The findings show that spontaneous thought transitions are primarily governed by semantic associations, with consecutive thoughts remaining semantically related and category states exhibiting temporal clustering. When prominent semantic shifts occur, they create internal boundaries that recruit midline default and adjacent control network regions, generating distributed activation patterns comparable to stimulus-driven event boundaries. Boundary responses in PMC likely reflect generalized signals of mental context transitions and internal task switching to resolve competition among upcoming thoughts, though this interpretation requires caution (reverse inference). Despite robust cortical boundary signals, hippocampal boundary responses were weak/non-significant, possibly due to sustained hippocampal engagement in continuous memory retrieval and thought generation throughout think-aloud, masking transient boundary effects. Beyond transient responses, strong boundaries aligned with HMM-detected pattern shifts and reduced PMC pattern similarity across consecutive thoughts, consistent with reconfiguration of higher-order representations at event/thought transitions. At the network level, stronger coupling between control and core default subsystems was associated with more stable, clustered thought structures, whereas stronger within-DN medial temporal subsystem connectivity (including hippocampus–PHC) was linked to greater variability/divergence—supporting a dynamic interaction whereby DNMTL promotes associative variability and FPCN–DNcore constrains thoughts toward goals and personally significant information. These results generalize event segmentation principles to internally generated narratives, highlighting how default and control networks jointly organize the dynamics of memory and future thinking in naturalistic streams.

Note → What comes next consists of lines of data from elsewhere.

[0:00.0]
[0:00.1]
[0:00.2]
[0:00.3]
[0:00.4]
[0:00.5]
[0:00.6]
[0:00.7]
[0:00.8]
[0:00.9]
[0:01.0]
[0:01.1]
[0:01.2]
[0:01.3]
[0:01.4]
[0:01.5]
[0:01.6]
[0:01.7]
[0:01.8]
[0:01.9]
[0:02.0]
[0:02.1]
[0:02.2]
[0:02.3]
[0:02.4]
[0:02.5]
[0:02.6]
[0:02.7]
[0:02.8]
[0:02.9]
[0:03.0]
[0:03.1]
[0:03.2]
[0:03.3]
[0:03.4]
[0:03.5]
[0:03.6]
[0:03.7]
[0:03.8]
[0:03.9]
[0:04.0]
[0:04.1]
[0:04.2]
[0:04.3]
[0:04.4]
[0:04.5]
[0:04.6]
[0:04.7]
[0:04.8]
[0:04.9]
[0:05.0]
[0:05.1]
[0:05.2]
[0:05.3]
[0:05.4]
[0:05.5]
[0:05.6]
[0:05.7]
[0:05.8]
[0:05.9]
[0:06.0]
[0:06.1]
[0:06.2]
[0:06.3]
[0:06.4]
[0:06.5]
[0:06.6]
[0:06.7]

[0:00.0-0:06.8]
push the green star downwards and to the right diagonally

This study bridges spontaneous thought and memory research by demonstrating that semantic associations and neurocognitive states organize the stream of internally generated thoughts. Strong thought boundaries evoke default/control network responses and boundary-specific activation patterns similar to those at external event boundaries, and HMM-based segmentation captures representational shifts across these boundaries. Functional connectivity within and between large-scale networks predicts individual differences in thought structure, with DNMTL coupling linked to variability and FPCN–DNcore coupling linked to stability. These insights aid interpretation of resting-state neural activity and suggest avenues for assessing psychological conditions and designing interventions. Future work should further disentangle category vs semantic dimensions, examine metacognitive and speech-generation influences on thought dynamics, leverage automated annotation to enhance consistency and scalability, and test generalization to real-world settings beyond the MRI think-aloud context.

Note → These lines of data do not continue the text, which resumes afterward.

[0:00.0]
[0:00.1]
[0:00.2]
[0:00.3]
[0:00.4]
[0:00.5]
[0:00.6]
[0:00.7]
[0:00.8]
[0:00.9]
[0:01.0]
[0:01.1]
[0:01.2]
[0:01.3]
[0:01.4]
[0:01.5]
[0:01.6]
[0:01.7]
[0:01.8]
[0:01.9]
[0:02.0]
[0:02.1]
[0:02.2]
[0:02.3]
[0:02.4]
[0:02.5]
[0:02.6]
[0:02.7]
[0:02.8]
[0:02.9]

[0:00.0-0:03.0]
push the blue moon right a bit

The think-aloud paradigm, while providing continuous access to thought flow, may constrain naturalistic content due to the MRI setting, awareness of being recorded, and potential social influences (self-censorship, over-explanation). Verbalization itself may alter spontaneous thought trajectories, making the cognitive/neural processes similar but not identical to task-free rest or real-world mind-wandering. Annotation relied on single annotators per transcript and subjective judgments, introducing potential human error and inconsistency; automated approaches may improve scalability and consistency. Additionally, boundary-related silence could confound auditory cortex responses (controlled in analyses), and the presence of other tasks in the scanning session could introduce context effects, though analyses focused on the think-aloud run.